■ **DATA SUPPLIED**
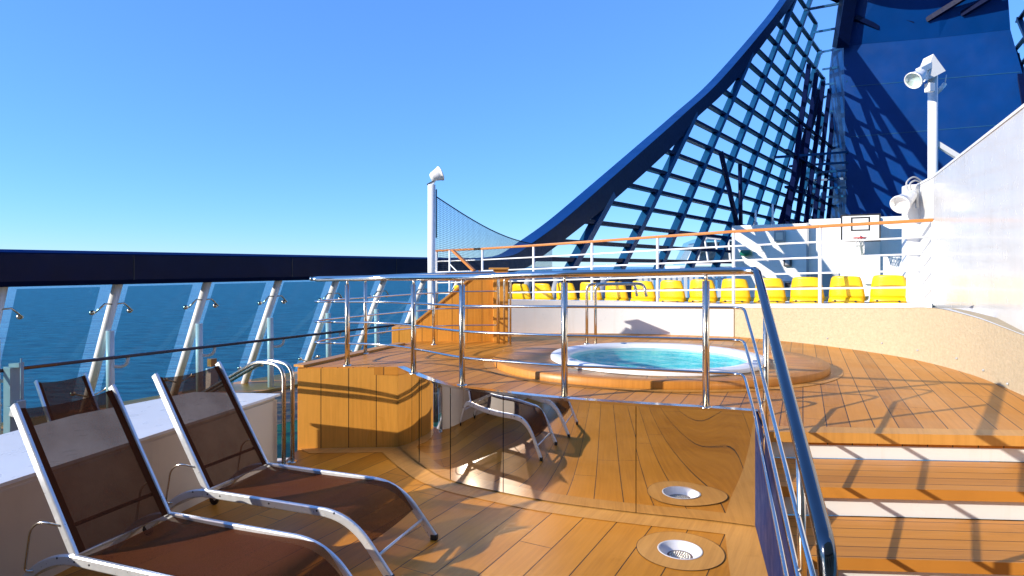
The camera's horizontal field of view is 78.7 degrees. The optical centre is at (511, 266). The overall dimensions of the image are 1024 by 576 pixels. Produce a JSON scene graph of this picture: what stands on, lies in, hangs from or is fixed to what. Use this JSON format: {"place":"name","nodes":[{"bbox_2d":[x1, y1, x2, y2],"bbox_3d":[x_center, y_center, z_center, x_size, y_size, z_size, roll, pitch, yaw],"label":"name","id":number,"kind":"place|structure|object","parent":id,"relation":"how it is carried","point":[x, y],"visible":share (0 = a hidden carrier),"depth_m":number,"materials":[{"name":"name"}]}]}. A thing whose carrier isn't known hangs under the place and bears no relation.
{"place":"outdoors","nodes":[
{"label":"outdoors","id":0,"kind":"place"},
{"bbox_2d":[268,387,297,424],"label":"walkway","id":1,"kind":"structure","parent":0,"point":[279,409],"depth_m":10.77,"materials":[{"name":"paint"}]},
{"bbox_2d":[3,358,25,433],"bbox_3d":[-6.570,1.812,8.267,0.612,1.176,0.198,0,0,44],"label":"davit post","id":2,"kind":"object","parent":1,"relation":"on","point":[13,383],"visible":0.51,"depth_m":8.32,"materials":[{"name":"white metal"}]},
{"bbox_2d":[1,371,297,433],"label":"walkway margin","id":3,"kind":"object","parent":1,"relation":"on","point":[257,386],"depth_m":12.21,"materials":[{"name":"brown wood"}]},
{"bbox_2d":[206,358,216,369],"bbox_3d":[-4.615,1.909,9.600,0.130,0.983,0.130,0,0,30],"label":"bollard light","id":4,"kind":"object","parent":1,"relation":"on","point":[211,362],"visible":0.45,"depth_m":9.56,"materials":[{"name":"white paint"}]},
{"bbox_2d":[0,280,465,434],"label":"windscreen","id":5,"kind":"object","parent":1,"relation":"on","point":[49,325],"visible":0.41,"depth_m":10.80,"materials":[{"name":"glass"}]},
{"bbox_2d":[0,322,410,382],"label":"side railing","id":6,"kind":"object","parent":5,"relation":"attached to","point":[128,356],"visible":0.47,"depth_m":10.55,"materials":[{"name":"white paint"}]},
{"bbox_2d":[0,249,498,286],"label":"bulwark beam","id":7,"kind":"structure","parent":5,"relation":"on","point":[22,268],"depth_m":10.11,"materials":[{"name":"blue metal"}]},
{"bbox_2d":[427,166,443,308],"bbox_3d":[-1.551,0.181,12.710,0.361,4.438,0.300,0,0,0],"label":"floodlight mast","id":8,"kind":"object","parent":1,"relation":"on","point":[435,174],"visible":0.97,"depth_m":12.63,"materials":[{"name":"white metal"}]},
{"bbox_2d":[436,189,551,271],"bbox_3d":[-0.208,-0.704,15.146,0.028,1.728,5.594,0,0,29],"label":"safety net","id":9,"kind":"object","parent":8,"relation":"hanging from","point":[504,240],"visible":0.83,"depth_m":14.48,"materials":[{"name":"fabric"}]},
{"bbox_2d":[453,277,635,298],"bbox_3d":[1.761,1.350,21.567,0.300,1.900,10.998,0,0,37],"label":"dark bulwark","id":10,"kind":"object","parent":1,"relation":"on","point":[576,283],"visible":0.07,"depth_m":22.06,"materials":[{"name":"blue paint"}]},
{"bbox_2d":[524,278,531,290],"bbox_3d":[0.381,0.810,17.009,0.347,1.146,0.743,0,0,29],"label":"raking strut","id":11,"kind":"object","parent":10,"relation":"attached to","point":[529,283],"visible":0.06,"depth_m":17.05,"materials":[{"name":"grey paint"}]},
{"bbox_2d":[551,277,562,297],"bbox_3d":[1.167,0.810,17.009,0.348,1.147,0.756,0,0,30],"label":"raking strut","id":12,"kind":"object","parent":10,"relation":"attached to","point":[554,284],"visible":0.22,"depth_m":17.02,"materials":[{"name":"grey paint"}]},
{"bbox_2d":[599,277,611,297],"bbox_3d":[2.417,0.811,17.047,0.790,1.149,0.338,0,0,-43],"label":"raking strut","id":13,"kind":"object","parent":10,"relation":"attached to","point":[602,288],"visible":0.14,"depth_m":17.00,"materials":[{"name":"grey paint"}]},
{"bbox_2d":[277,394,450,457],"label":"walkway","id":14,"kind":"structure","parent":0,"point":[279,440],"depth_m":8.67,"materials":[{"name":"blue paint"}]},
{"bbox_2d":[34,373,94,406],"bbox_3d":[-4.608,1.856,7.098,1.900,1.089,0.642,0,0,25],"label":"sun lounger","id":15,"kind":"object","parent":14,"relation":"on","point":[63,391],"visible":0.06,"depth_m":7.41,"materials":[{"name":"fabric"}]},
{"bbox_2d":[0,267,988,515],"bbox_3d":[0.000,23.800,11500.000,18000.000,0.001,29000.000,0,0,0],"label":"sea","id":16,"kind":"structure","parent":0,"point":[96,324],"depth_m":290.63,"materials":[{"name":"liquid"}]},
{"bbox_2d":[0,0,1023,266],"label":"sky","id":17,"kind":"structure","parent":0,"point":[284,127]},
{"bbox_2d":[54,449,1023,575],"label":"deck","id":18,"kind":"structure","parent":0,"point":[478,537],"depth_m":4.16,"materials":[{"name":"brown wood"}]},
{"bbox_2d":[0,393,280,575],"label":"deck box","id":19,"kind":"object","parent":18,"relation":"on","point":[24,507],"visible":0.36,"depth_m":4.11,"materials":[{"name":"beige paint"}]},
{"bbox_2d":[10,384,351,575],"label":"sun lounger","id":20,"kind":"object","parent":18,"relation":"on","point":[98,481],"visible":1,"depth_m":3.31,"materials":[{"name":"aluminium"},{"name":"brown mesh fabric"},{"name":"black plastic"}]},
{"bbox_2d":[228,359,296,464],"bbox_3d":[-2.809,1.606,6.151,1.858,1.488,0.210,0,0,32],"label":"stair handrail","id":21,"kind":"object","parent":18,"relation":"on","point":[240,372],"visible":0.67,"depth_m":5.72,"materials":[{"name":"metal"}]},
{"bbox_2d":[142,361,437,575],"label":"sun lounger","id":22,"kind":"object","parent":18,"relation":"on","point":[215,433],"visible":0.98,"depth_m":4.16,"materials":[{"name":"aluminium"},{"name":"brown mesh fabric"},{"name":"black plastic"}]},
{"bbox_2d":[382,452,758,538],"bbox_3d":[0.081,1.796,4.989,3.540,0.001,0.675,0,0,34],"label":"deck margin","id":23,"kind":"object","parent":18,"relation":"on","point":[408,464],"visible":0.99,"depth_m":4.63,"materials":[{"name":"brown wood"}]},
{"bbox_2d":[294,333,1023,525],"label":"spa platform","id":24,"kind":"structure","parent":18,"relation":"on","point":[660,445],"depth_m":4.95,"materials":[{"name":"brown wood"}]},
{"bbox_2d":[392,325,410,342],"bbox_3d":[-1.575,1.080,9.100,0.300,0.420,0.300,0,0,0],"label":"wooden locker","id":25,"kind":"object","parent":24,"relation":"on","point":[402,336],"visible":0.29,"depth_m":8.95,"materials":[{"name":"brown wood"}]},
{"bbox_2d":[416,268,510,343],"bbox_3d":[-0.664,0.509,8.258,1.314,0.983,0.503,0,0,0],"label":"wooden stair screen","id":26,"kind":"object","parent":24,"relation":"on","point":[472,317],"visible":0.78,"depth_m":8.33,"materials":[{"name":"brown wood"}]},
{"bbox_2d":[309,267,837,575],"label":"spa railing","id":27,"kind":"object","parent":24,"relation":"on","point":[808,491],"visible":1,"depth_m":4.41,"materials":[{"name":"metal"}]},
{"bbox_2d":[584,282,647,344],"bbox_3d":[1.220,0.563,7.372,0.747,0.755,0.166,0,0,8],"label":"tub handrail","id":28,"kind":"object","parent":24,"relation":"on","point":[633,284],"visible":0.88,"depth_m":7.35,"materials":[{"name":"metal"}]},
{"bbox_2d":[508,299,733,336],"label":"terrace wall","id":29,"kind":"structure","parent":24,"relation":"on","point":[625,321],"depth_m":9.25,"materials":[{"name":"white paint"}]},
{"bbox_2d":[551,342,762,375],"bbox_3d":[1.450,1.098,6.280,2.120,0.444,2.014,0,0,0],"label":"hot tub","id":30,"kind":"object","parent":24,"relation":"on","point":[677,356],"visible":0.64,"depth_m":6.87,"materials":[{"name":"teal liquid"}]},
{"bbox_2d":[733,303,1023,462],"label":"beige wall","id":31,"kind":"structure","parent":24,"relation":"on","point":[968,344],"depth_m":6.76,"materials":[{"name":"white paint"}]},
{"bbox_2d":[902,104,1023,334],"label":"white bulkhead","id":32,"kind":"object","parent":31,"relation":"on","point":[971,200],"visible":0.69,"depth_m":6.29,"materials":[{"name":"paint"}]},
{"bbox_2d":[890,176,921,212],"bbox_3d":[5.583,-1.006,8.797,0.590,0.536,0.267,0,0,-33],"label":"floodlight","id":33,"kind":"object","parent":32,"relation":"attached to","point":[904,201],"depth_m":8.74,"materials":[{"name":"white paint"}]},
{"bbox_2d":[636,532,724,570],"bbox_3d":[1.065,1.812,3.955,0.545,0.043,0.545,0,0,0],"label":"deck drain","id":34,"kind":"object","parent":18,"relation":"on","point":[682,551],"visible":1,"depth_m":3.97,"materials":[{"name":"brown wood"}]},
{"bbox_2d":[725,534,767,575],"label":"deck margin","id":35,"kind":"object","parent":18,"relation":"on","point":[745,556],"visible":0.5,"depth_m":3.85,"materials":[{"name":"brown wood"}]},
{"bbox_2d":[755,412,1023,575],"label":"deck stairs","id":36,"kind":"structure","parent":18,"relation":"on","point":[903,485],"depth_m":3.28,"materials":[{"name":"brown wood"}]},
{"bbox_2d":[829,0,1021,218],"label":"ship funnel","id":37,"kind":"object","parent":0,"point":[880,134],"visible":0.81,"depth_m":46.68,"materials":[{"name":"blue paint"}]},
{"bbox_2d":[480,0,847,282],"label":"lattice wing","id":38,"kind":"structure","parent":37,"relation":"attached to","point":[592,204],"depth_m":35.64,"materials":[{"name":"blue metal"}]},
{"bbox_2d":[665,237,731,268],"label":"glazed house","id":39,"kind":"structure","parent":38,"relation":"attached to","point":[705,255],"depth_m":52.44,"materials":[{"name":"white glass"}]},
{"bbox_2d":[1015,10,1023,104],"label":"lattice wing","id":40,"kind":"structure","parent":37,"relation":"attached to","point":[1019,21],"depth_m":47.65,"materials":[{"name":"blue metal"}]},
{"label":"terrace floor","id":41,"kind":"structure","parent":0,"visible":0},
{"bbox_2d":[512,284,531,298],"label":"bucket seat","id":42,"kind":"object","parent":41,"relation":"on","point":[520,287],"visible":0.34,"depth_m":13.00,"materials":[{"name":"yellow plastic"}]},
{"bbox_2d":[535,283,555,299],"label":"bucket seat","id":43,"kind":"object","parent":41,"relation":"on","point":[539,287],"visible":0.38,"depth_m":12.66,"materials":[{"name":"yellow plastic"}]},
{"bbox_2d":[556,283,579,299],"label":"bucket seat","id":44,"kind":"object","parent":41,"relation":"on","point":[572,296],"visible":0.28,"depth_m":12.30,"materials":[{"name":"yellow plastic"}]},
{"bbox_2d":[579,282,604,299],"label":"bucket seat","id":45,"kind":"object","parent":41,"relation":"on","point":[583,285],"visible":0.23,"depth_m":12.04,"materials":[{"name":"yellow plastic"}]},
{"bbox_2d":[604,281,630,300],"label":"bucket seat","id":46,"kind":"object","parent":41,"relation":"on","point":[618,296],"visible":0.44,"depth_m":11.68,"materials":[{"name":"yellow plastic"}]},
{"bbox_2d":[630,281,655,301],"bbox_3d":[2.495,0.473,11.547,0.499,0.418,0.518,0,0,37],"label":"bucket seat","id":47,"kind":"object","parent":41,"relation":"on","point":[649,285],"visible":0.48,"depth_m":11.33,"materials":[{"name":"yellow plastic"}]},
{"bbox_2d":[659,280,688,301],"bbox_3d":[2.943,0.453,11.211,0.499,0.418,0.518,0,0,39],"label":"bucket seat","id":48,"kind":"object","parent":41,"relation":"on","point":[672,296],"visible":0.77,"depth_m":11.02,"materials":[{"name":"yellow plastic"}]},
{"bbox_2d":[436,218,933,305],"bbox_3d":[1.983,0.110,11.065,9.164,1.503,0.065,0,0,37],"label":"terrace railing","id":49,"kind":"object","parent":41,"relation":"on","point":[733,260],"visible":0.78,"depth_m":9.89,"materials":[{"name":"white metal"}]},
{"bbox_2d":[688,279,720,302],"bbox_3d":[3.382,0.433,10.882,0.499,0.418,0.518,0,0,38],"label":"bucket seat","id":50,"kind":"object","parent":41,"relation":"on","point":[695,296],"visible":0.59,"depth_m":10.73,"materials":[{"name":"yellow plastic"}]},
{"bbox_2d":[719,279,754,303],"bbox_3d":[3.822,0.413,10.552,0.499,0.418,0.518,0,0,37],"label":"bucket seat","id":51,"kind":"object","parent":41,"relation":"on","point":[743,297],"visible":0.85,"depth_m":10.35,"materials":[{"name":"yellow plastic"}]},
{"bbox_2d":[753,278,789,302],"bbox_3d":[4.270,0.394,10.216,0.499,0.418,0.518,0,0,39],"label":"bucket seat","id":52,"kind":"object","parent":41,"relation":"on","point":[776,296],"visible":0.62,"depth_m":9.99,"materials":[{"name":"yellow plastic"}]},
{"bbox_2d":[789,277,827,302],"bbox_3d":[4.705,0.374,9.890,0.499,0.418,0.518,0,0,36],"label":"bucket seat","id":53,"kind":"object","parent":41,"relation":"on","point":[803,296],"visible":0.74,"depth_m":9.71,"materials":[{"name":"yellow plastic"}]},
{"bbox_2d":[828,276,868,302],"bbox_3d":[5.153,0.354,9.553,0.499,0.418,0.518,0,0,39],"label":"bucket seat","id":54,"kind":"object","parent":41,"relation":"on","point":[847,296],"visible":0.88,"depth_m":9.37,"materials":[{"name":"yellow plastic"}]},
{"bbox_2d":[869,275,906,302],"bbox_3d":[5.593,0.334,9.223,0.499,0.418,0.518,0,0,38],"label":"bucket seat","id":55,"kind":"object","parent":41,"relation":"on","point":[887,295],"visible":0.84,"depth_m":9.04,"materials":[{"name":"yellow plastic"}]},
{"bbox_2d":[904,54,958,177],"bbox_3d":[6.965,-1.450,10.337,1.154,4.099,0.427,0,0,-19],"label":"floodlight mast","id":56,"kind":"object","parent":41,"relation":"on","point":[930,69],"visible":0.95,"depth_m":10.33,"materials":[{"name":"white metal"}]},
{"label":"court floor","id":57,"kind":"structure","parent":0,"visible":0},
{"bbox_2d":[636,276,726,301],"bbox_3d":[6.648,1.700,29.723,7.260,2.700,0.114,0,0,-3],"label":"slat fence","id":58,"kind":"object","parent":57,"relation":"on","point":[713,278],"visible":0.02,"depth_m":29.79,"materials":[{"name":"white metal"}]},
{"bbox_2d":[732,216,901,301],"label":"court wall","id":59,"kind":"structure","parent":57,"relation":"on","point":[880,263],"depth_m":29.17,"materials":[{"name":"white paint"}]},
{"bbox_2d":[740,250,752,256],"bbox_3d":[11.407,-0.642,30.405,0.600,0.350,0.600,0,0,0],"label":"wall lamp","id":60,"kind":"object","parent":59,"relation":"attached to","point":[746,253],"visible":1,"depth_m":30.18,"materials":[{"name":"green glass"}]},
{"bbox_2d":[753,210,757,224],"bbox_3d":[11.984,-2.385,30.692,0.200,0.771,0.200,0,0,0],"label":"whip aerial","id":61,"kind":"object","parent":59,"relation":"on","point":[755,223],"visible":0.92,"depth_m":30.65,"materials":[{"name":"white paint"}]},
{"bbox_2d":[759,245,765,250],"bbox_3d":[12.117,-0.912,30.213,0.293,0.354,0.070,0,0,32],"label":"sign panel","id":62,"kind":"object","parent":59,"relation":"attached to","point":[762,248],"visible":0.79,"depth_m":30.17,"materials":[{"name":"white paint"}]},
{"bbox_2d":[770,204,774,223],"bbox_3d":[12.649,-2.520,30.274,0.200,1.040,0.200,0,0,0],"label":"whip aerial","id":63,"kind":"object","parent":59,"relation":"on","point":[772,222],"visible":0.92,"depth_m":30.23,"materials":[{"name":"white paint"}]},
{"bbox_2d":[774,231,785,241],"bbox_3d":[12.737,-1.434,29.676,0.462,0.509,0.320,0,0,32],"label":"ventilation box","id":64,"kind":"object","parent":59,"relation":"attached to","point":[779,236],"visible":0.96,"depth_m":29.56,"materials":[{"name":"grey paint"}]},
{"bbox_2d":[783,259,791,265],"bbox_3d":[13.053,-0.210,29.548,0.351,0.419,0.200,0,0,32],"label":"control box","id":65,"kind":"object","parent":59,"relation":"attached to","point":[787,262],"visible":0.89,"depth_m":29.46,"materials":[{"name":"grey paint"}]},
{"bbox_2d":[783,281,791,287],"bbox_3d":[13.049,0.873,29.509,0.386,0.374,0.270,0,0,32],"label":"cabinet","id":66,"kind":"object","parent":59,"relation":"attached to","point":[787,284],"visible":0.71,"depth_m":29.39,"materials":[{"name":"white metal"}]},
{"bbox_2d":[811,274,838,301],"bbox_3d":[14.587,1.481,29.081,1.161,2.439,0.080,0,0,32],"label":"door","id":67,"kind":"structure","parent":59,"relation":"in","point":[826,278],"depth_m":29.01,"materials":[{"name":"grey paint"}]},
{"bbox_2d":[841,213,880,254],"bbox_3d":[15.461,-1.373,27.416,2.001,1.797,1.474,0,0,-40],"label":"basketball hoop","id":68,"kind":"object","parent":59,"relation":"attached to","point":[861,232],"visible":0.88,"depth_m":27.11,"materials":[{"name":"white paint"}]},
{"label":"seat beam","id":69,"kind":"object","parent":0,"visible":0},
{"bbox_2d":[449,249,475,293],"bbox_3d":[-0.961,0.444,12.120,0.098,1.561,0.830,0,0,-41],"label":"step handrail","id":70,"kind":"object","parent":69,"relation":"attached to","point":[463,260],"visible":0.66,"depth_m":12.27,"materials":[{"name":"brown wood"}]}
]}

■ **WHAT IS EXPECTED**
Using only the data above, copy out the lines that include the word "walkway".

■ **RESULT OF THE TASK**
{"bbox_2d":[268,387,297,424],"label":"walkway","id":1,"kind":"structure","parent":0,"point":[279,409],"depth_m":10.77,"materials":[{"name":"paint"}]},
{"bbox_2d":[1,371,297,433],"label":"walkway margin","id":3,"kind":"object","parent":1,"relation":"on","point":[257,386],"depth_m":12.21,"materials":[{"name":"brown wood"}]},
{"bbox_2d":[277,394,450,457],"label":"walkway","id":14,"kind":"structure","parent":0,"point":[279,440],"depth_m":8.67,"materials":[{"name":"blue paint"}]},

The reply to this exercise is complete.